Adults need to play more. Not just physically, or sexually, but mentally as well.

Sometimes I read my future in the soap bubbles left in the sink. #NotSoCommonDivination

When society uses the Internet, paper (and other old-fashion methods) is paramount security.

Labels and specialization, and how they affect brain connections.

Mozart's Symphony 39.

I try to see no word as a limitation to my understanding. I try to read things that challenge my vocabulary, and when doing so, see beyond the jargon. Under every big word are at least ten smaller words that make more sense.

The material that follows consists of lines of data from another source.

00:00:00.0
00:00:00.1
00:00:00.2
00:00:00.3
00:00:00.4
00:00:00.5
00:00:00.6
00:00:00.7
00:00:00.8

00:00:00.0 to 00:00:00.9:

"God took a rib from Adam, ground it up in a centrifuge machine
Mixed it with cardamom and cloves, microwaved it on the popcorn setting
While Adam was like, “(Woo-hoo) That really hurt!”
(Going off into the tundra)
So pissed at God and he started lighting mighty forest fires, stealing osprey eggs
Messing with the bees who were trying to pollinate the Echinacea
Until God said, “I’ma smite you with loneliness and break your heart in two”
And Adam wept and wailed, tearing out his hair, falling on his knees, looked to the sky and said,
“Thank God...for girls!" - Weezer

Euler.

"...I soon found an opportunity to be introduced to a famous professor Johann Bernoulli. ...True, he was very busy and so refused flatly to give me private lessons; but he gave me much more valuable advice to start reading more difficult mathematical books on my own and to study them as diligently as I could; if I came across some obstacle or difficulty, I was given permission to visit him freely every Sunday afternoon and he kindly explained to me everything I could not understand..." -- Leonhard Euler (had a clever teacher)

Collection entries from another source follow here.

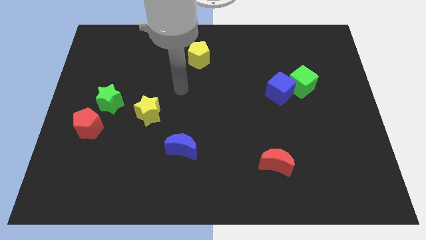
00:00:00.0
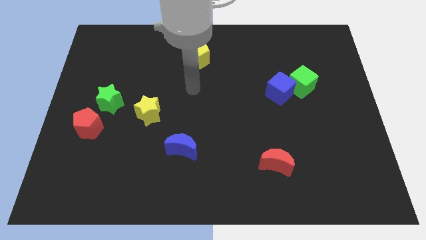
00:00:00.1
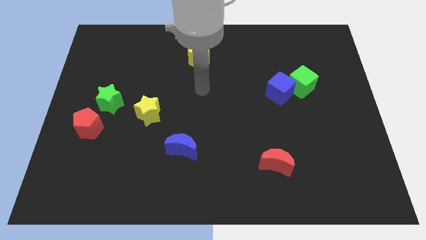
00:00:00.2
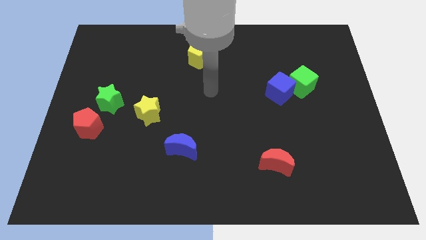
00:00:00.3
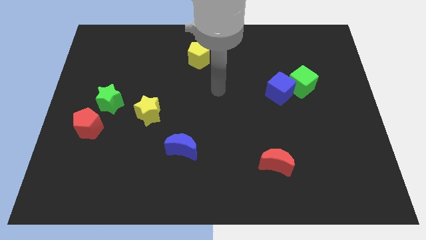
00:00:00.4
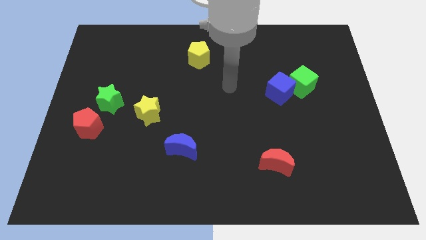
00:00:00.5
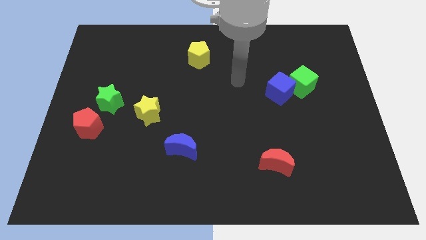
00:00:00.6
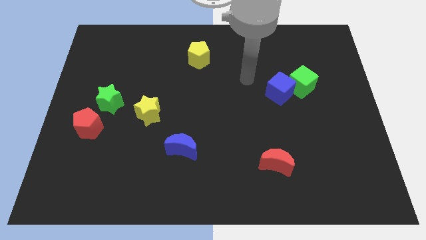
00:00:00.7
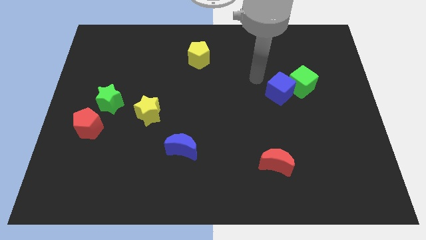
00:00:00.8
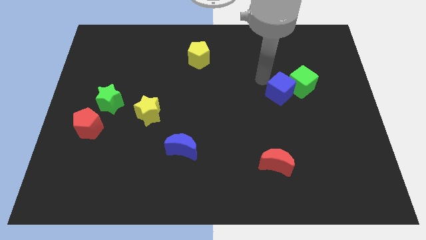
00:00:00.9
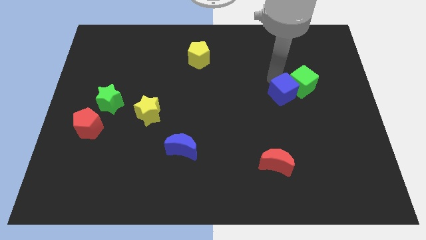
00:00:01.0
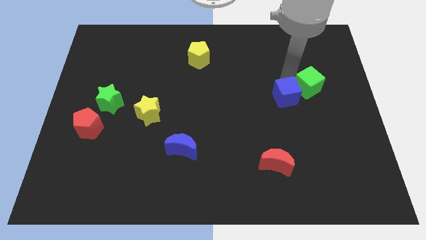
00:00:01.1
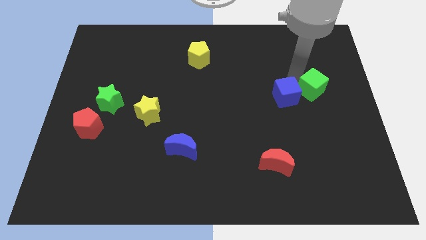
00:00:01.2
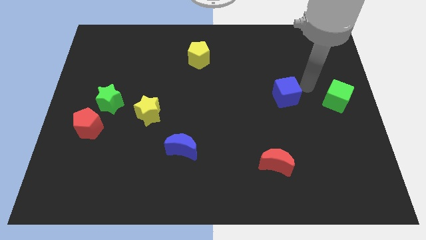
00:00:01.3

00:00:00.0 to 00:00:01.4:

Bulletproof Chai...is interesting.

What is information...really? (I have considered this question before, but think it's important to revisit it).

Learning how my body reacts to playing the violin a lot. My entire right shoulder says I need to take it a little slower getting into it. As does my collar bone. (I fixed the collar bone part by wearing a scarf while I play).

Those moments where you either just breathe a lot or cry.

Letter writing, although timing consuming and more effort than other forms of communication, means more. <3 Happy to finally send some replies in the mail!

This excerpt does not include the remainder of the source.